Friday, May 27, 2011

Take-Away Points From my Software Craftmanship 2011 Session

At the Software Craftsmanship 2011 conference yesterday I had the pleasure of running a workshop on how to deal with "legacy" test suites. A part from having a lot fun I also learned a lot from the discussions during the workshop.

The premise of the workshop was a problem that I think is becoming more and more common: Even though more and more code bases have test suites around them, the quality of those tests are low. This lack of quality can stem from a number of things. First of all most automated tests, in my experience, still aren't written in a TDD workflow, they are written some time after the production code. Sometimes right after, sometimes days or weeks later. Secondly automated testing efforts sometimes seem to lack a clear purpose. Lastly test suites are often (as in very often) abandoned as soon the project comes under any sort of pressure - from deadlines, budgets, changing requirements or whatever else. These things lead to test suites that are treated as second or third class code; code that is not seen as important. That leads to a range of problems, such as tests with bland names - like test001 - tests that assert nothing or next to nothing, tests that just mimic the structure of the implementation without showing or exercising the behaviour from a domain/specification perspective and to low coverage of both code and features.
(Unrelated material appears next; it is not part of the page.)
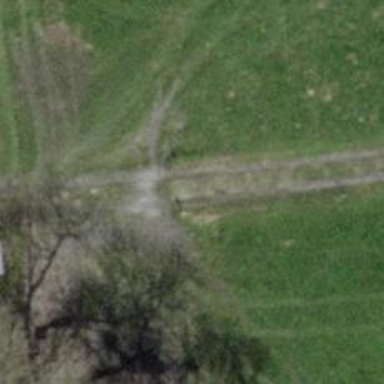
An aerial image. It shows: Track with compacted grade2 surface.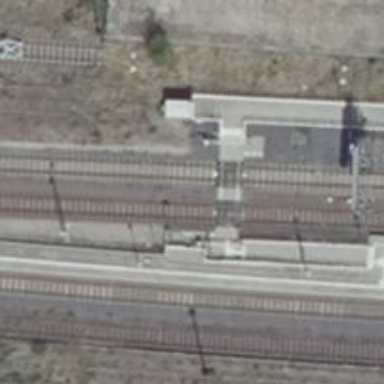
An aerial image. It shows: Railway crossing.

To get concrete we took a hard look at the tests for the NerdDinner sample application. In there we found most of the problems listed above, which begs the question given that we where taking over maintainance and future development of NerdDinner how would we proceed with regard to the tests. Clearly the existing tests are not at a quality level that would allow us to have confidence in the changes to NerdDinner we make just based on the tests running. On the other hand they do cover about a third of the code, and most of them do assert stuff. So if one of them was to break that likely indicates a problem.

The discussion during the workshop seemed to divide people into two camps: One that said, that these test are not worth carrying forward because they will require maintainance while not providing any real value as regressions guards or as specifications. The other camp said, keep them and incrementally improve or delete them, keeping in mind that we dont know how valid the individual tests are.

To sum up the main points I got from the throw the test away camp were:
  • Since coverage is way too low, we're better off with a small number of broad acceptance tests. We can write those in the initial iteration, where we need to familiarize ourselves with the code base anyway.
  • Tests that don't assert much just gives us false confidence, so they are a liability that we don't want to keep them around.
  • Tests that don't work as specifications are mainly a confusion to us, because we don't have access to the people that wrote, and consequently can't find out what the purpose of those tests was.
  • It's simply quicker to write a bunch of exploratory tests, than it is to try to understand and maintain the existing ones.
And the main points I got from the keep the tests camp were:
  • Even though there are problems with the tests, each of them were written with some sort of a goal in mind. As such we suspect that they can point out something we haven't realized yet.
  • The tests are just another part of the code base, and as such it's natural that we will have to refactor - and improve - them over time.
  • We can put the legacy tests in some kind of a quarantine, where we keep running them but don't necessarily trust them, and when one breaks we take look at it and then decide to either delete the test or fix it and move it from the quarantined suite to our normal test suite.
  • The Boy Scout Rule applies to tests as well. Use that as the discipline to incrementally improve the tests.
In general I'm in the keep the tests camp, but I guess it really comes down to making an informed decision on a case-by-case basis. Which camp are you in? Or which points do think we missed?